When I founded the American Muslim Senior Society (AMSS), an interfaith, not-for-profit health and long-term care organization in 2017, it was natural that we address the social determinants of health that challenge low-income Montgomery County residents 55 and older, as well as their families. To develop culturally-sensitive programs reflective of the county's diverse communities, with partnered with interfaith and community leaders and trained culturally diverse Ambassadors to help us identify persons in need. We held many community dialogues to find out their issues of concern and found out that having access to food, financial security, and culturally sensitive caregiving were essential to their health and wellness.
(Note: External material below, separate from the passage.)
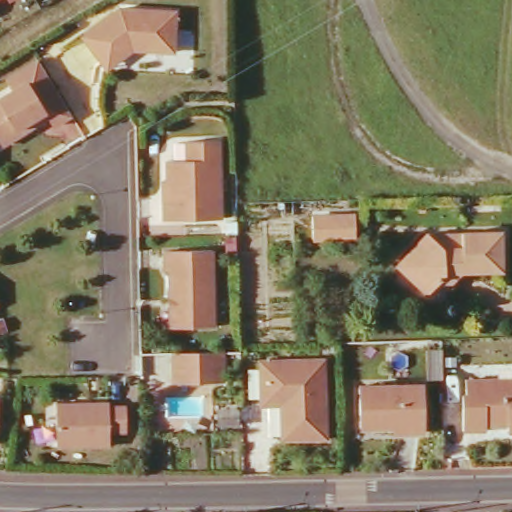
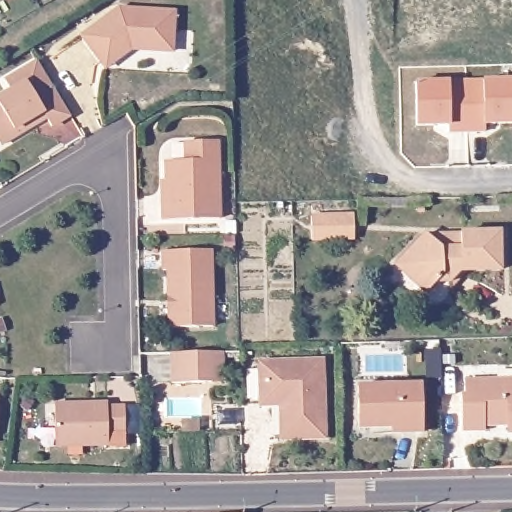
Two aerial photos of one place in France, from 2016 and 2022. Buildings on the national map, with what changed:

So we started the AMSS Halal Meals on Wheels program in 2019, which provides 500 50+ AMSS clients and their households with wraparound services. AMSS Ambassadors offer companionship, deliver weekly packages of nourishing food, and link them to healthcare and social services. We continue to target the county's communities of color experiencing health disparities, including: White Oak, Colesville/Silver Spring, Burtonsville, Aspen Hill, Wheaton, Rockville, Germantown, and Gaithersburg. Our clients are African American (50%), Asian (30%), Hispanic (10%), and white (10%), including Middle-Eastern and other cultures.
In 2019 we also started the AMSS Certified Nursing Assistant Scholarship and Employment Pilot Program to provide multi-cultural, low income, younger members of the same above communities with scholarships for training as Certified Nurse Assistants (CNAs). The program served a two-fold purpose. First, the program graduates filled a critical need for individuals who could provide culturally sensitive healthcare for older residents in the community. And second, the new healthcare workers gained economic stability and careers with advancement opportunities. The program, offered in partnership with Morning Star Training Academy and CarePlus Inc. Home Health Agency, has recruited, trained, graduated, and helped secure employment for 86 CNAs.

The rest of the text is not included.